I am skeptical because my understanding was it's the same case, just no date pusher because of the new movement. But I am not willing to buy one to find out until/unless I find them for sale via Amazon Prime.


----------



## JohnnyKarate (Oct 8, 2016)

Rice and Gravy said:


> No. Strapcode makes bracelets specifically for the Mako II and Ray II now.
> 
> Sent from my SM-G930V using Tapatalk


Cool thanks.


----------



## Rice and Gravy (Feb 7, 2014)

Bringing this to the top. Does anyone know if the strapcode bracelets for Ray/Mako will only fit Version 2? Any one tried them on a 1st generation with the date pusher?? I made reference to it in the thread but haven't been able to confirm/disprove it.

Thanks.


----------



## j0n (Jun 14, 2016)

Rice and Gravy said:


> Bringing this to the top. Does anyone know if the strapcode bracelets for Ray/Mako will only fit Version 2? Any one tried them on a 1st generation with the date pusher?? I made reference to it in the thread but haven't been able to confirm/disprove it.
> 
> Thanks.


I don't have a definitive answer, but this info might help. I inquired with Orient directly about buying replacement OEM bracelets for the Mako and Ray (both versions I and II), and they said both versions (I and II) of both watches (Mako and Ray) use the same original bracelets found on version I. Meaning, the Orient OEM bracelet that came with your original Mako/Ray will fit on your Mako/Ray II, and vice versa. I also understand the Mako and Ray bracelets are interchangeable. Meaning, an Orient OEM bracelet that came with your Ray will fit on your Mako, and vice versa. To be clear, I am talking about the OEM bracelet here (hollow links, split pins, rattle, sad face).

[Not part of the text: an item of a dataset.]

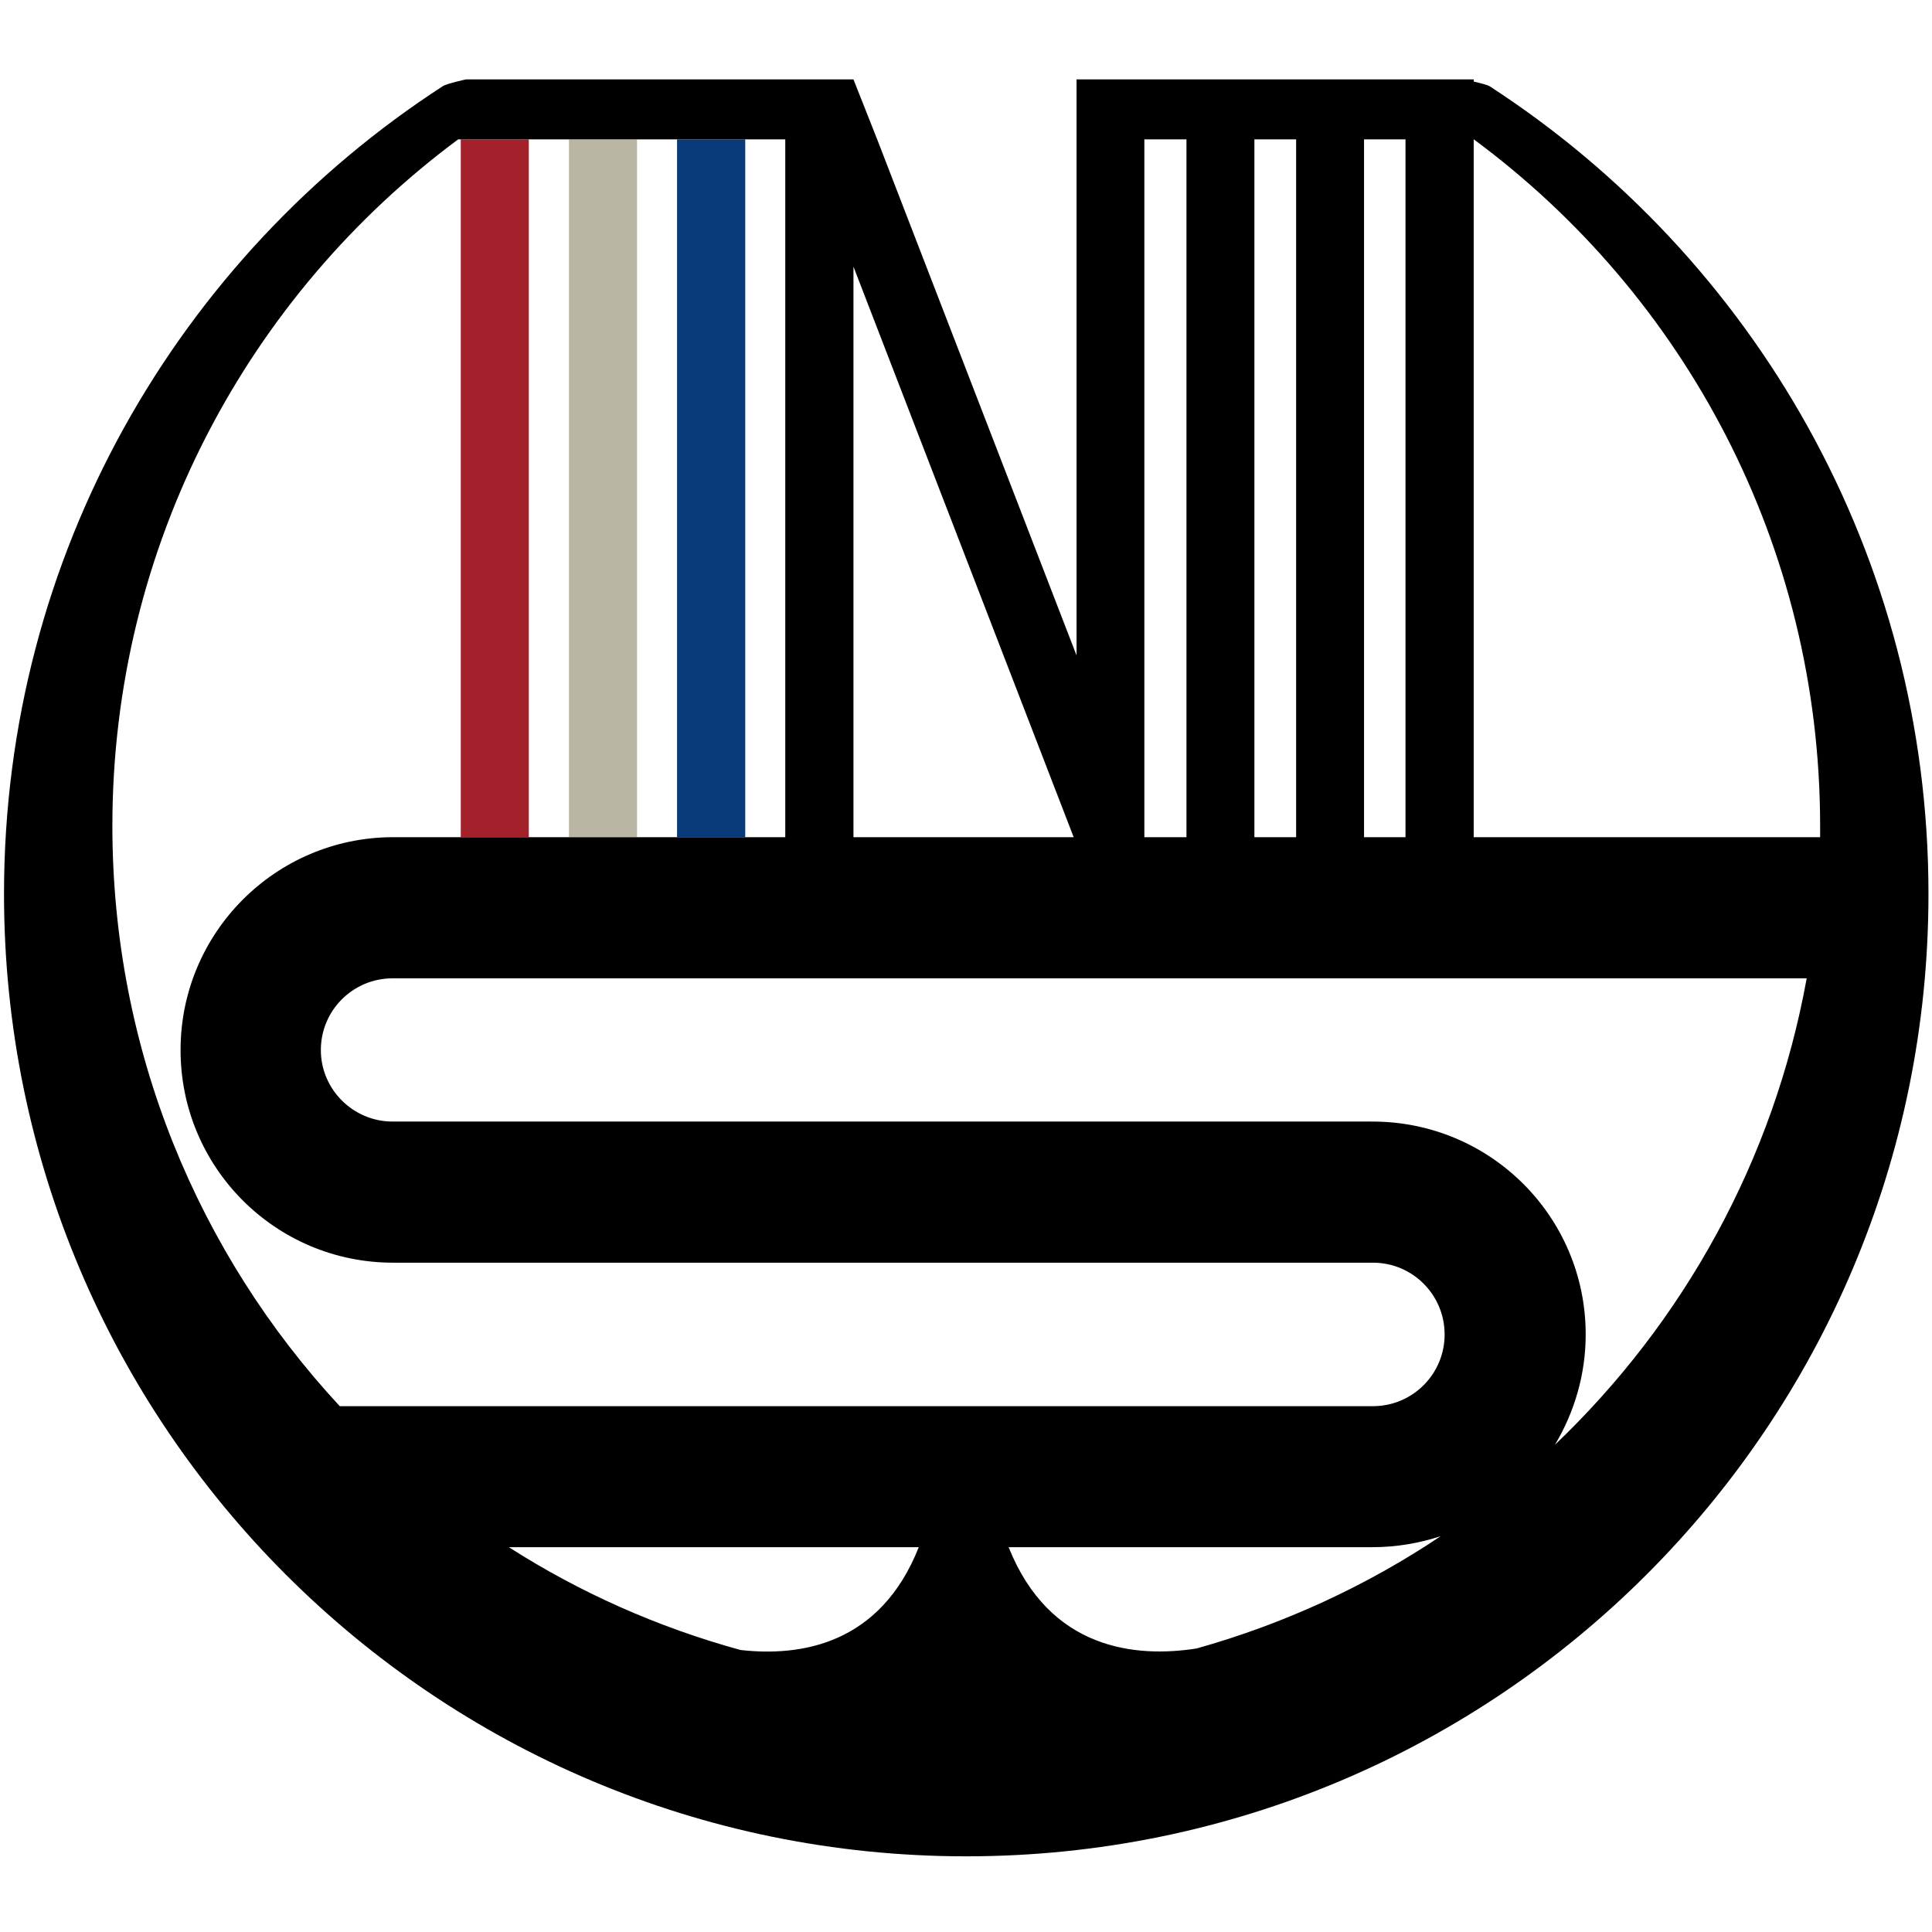 <svg xmlns="http://www.w3.org/2000/svg" viewBox="0 0 512 512"><path fill="#A2212B" d="M122.103 36.938h18.036v184.926h-18.036z"/><path fill="#BAB6A4" d="M150.781 36.938h18.039v184.926h-18.039z"/><path fill="#083979" d="M179.426 36.938h18.072v184.926h-18.072z"/><path d="M394.827 22.891c-.481-.345-2.487-.863-4.284-1.276v-.573H285.297V173.695L232.466 36.938l-6.29-15.896H123.485s-5.15 1.124-6.117 1.781C47.332 68.225 1.064 147.074 1.064 236.895c0 140.872 114.062 255.05 255.001 255.05 140.871 0 254.999-114.179 254.999-255.05 0-89.701-46.265-168.583-116.237-214.004zm-33.341 14.047h10.985v184.926h-10.985V36.938zm-29.058 0h11.056v184.926h-11.056V36.938zm-29.163 0h11.16v184.926h-11.16V36.938zM226.176 70.66l58.359 151.205h-58.359V70.66zm-29.922 366.608c-21.975-6.029-42.673-15.255-61.4-27.248h108.632c-10.226 25.829-31.302 29.043-47.232 27.248zm120.831-.4c-16.066 2.507-38.905.399-49.791-26.849H363.697c6.358 0 12.404-1.052 18.104-2.917-19.555 13.114-41.462 23.252-64.716 29.766zm46.752-64.216H90.038c-37.455-40.393-60.257-94.38-60.257-153.761 0-74.565 36.107-140.767 91.631-181.954h86.692v184.926H104.031c-31.026.104-56.181 25.325-56.181 56.408 0 31.146 25.188 56.354 56.321 56.354h259.666c10.503 0 19.003 8.5 19.003 19.022 0 10.504-8.5 19.005-19.003 19.005zm48.235 10.229c5.111-8.536 8.154-18.557 8.154-29.231 0-31.169-25.224-56.426-56.529-56.426-.071 0-.241.033-.276.033v-.033H104.032c-10.431 0-19.003-8.5-19.003-18.951 0-10.573 8.572-19.005 19.003-19.005h374.761c-8.742 48.253-32.654 91.132-66.721 123.613zm-21.529-161.017V36.938h.036c55.734 41.187 91.773 107.389 91.773 181.954v2.973h-91.809z"/></svg>

Therefore, the Strapcode SEL bracelet specifically designed for the Ray/Mako II should theoretically fit the Mako/Ray I, since the two versions already share the same OEM bracelet according to the manufacturer. Someone just needs to verify if Strapcode is correct in saying that it won't fit, because there is evidence from the manufacturer suggesting that it will.


----------



## Rice and Gravy (Feb 7, 2014)

j0n said:


> I don't have a definitive answer, but this info might help. I inquired with Orient directly about buying replacement OEM bracelets for the Mako and Ray (both versions I and II), and they said both versions (I and II) of both watches (Mako and Ray) use the same original bracelets found on version I. Meaning, the Orient OEM bracelet that came with your original Mako/Ray will fit on your Mako/Ray II, and vice versa. I also understand the Mako and Ray bracelets are interchangeable. Meaning, an Orient OEM bracelet that came with your Ray will fit on your Mako, and vice versa. To be clear, I am talking about the OEM bracelet here (hollow links, split pins, rattle, sad face).
> 
> Therefore, the Strapcode SEL bracelet specifically designed for the Ray/Mako II should theoretically fit the Mako/Ray I, since the two versions already share the same OEM bracelet according to the manufacturer. Someone just needs to verify if Strapcode is correct in saying that it won't fit, because there is evidence from the manufacturer suggesting that it will.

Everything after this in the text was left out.